Following the acquisition news on December 8th, MIRM shares dropped sharply by 5.4%. This negative market reaction stemmed from apprehensions about both the deal itself and its financing structure through a concurrent private placement intended to raise approximately $200 million in gross proceeds. Additionally, insights from Evercore suggested potential challenges in achieving peak sales for treatments related to Fragile X syndrome despite an estimated market size exceeding $1 billion; these factors contributed further to investor unease.
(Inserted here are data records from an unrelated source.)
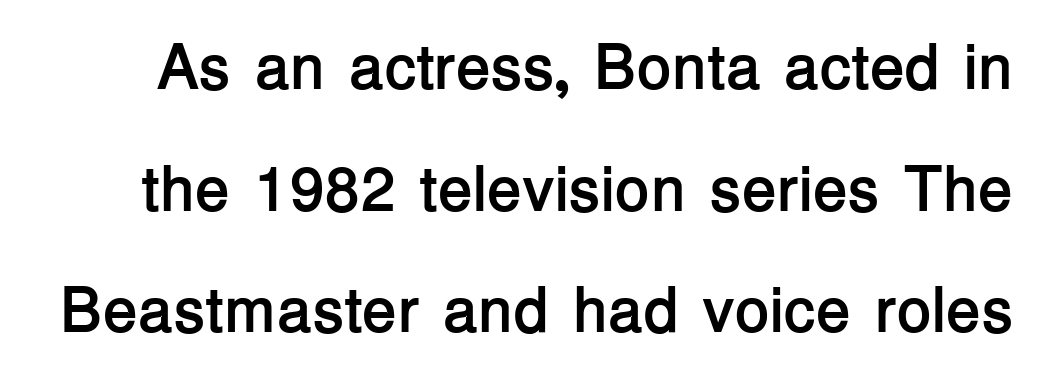
{"serif": "no", "italic": "no", "bold": "yes", "weight": "semibold", "width": "normal", "stroke_contrast": "low", "x_height": "medium", "monospaced": "no", "underline": "no", "line_spacing": "loose", "line_spacing_ratio": 1.9, "letter_spacing": "normal", "letter_spacing_em": 0.0, "glyph_px": 64}
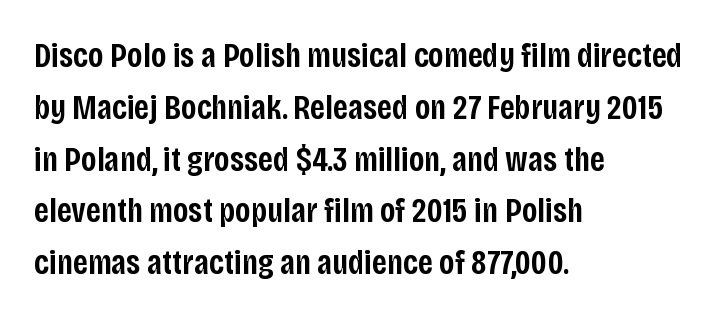
{"serif": "no", "italic": "no", "bold": "semi", "weight": "semibold", "width": "condensed", "stroke_contrast": "low", "x_height": "large", "monospaced": "no", "underline": "no", "align": "left", "line_spacing": "normal", "line_spacing_ratio": 1.48, "letter_spacing": "normal", "letter_spacing_em": 0.0, "glyph_px": 35}
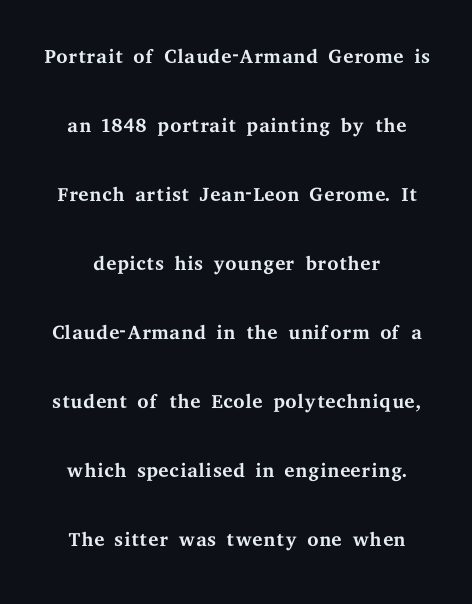
{"serif": "yes", "italic": "no", "bold": "no", "weight": "regular", "width": "wide", "stroke_contrast": "medium", "x_height": "medium", "monospaced": "no", "underline": "no", "line_spacing": "loose", "line_spacing_ratio": 2.38, "letter_spacing": "normal", "letter_spacing_em": 0.0, "glyph_px": 29}
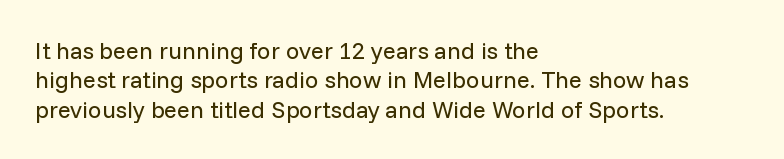
The image shows 24 px text type, upright; set left-aligned, line spacing 1.22x, normal letter spacing, not underlined.
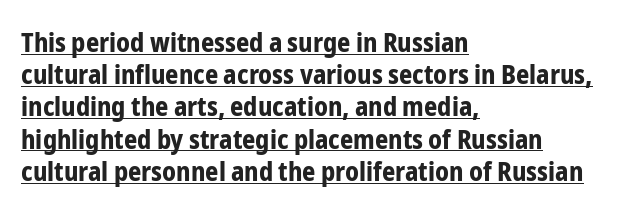
The image shows 26 px bold type, upright; set left-aligned, line spacing 1.24x, normal letter spacing, underlined.
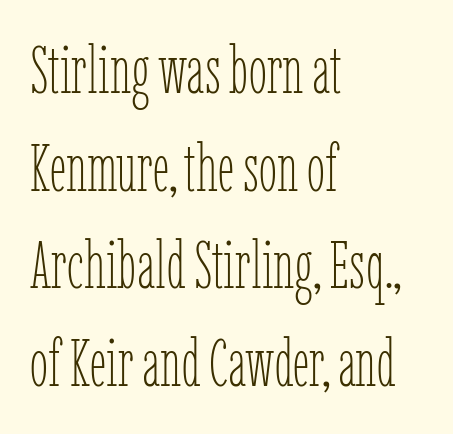
Any mark beneath the type? The region is blank. Think standard paragraph weight, or any step lighter than that. Look at the tracking — it's just the regular setting, nothing added. The specimen reads as upright at a glance. In terms of leading, this rendering sits right in the middle. The lines in this sample share a left origin and differ only in where they stop.

Earlier in December, MIRM experienced some positive momentum when it reported being cash flow positive while projecting annual revenues between $500 million and $510 million. However, this optimistic outlook did not prevent subsequent declines after news emerged about enrolling participants in clinical studies targeting Fragile X syndrome alongside mixed results from ongoing trials involving other products like Livmarli and Volixibat.
Overall trends indicated that while there were moments of optimism—such as participation in investor conferences aimed at enhancing visibility—the weight of negative developments overshadowed these gains throughout December. As a result, MIRM not only fell behind its sector but also underperformed relative to broader market indices during this timeframe; specifically, it lagged behind the Health Care sector (XLV) by -11.3%.